◆ What this task involves
Show every line of the data that contains the string "normal".

◆ Exercise material
####
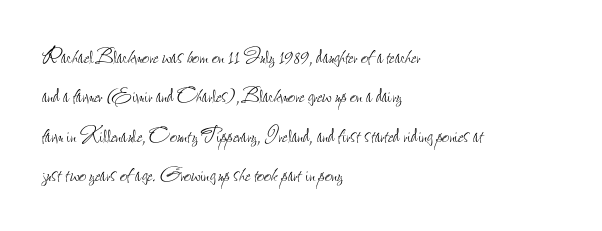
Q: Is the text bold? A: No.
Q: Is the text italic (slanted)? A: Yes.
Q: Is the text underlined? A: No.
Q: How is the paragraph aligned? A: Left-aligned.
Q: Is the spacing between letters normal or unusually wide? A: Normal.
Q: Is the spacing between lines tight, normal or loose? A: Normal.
####
◆ Task solution
Q: Is the spacing between letters normal or unusually wide? A: Normal.
Q: Is the spacing between lines tight, normal or loose? A: Normal.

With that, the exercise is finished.